It may be that the administration was not willing to permit a big funeral for a man accidentally killed when a work truck overturned; it may be that three or four of the Caucasian staff displayed signs of race discrimination; it may be a rumor more plausible than fact.  The "politicians" take any one of these, or a series, and worry it into a big camp issue.  How great an issue it becomes depends most of all on the degree of confidence the center as a whole has in its director and the coolness and fairness with which he customarily handles his people.  Too often the administration is out of touch with the main issues and grievances within the camp.  WRA suffers, like every other agency, form the manpower shortage.  Competent center directors and minor personnel are scarce.  Often enough the director finds his Caucasian staff more of a problem than the evacuees. 
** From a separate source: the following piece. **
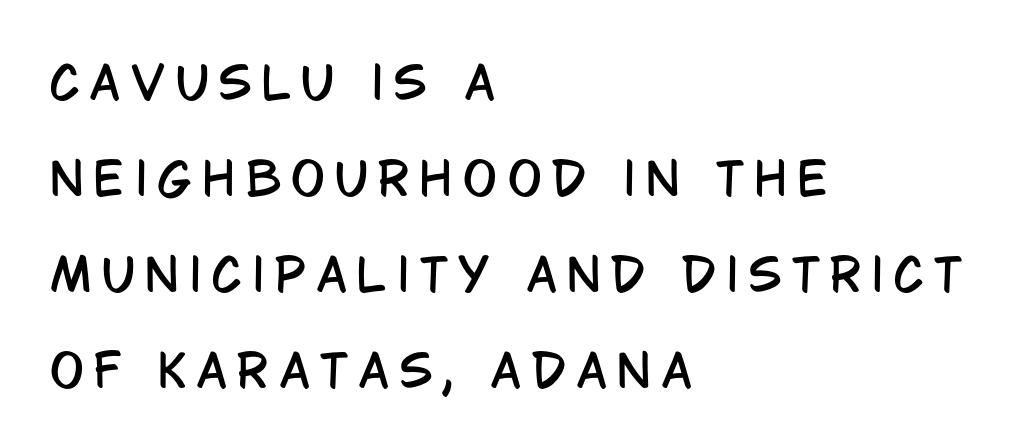
{"serif": "no", "italic": "no", "width": "condensed", "stroke_contrast": "low", "x_height": "large", "monospaced": "no", "underline": "no", "align": "left", "line_spacing": "loose", "line_spacing_ratio": 2.13, "letter_spacing": "wide", "letter_spacing_em": 0.23, "glyph_px": 45}
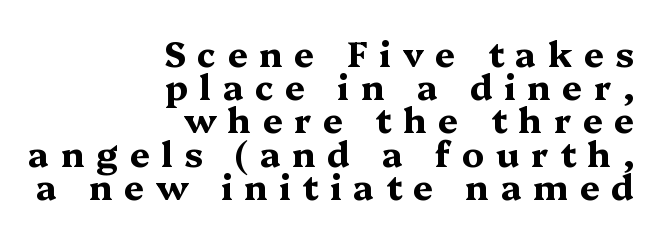
{"serif": "yes", "italic": "no", "bold": "yes", "weight": "bold", "width": "wide", "stroke_contrast": "medium", "x_height": "medium", "monospaced": "no", "underline": "no", "align": "right", "line_spacing": "tight", "line_spacing_ratio": 0.95, "letter_spacing": "wide", "letter_spacing_em": 0.33, "glyph_px": 35}

The two so-called "riots", which brought the Army over the fence, arose from the accumulation of small grievances, whipped up to a crisis by groups struggling for powers and eager to put the administration on the spot.  There was, in each instance, a strike.  Actually strike in a relocation center is self-defeating, since almost all labor in the community works to provide goods and services for the evacuees themselves; no more than a handful work in the staff mess and office building.  Only when violence occurred, and the director thought he needed help in maintaining order, was the Army invited. 

But trouble rarely reaches either the strike stage or violence.  The people in the Pacific Coast's little Tokyo rarely appeared on police blotters in the past, and now the crime record of WRA centers compares favorably with that of any small cities of their same size, or, indeed, with any Army camp.  Most of the policing is done by the evacuee themselves, appointed to the "internal security" staff of each center. 

Policing should be simpler than ever from now on.  The ideological air has been cleared; the pro-Japan people have been moved out.  The process of sifting the communities, separating the loyal and the disloyal, is virtually complete.  The "disloyal" have been sent to a segregation center in northeastern California, leaving the other nine centers populated only by loyal.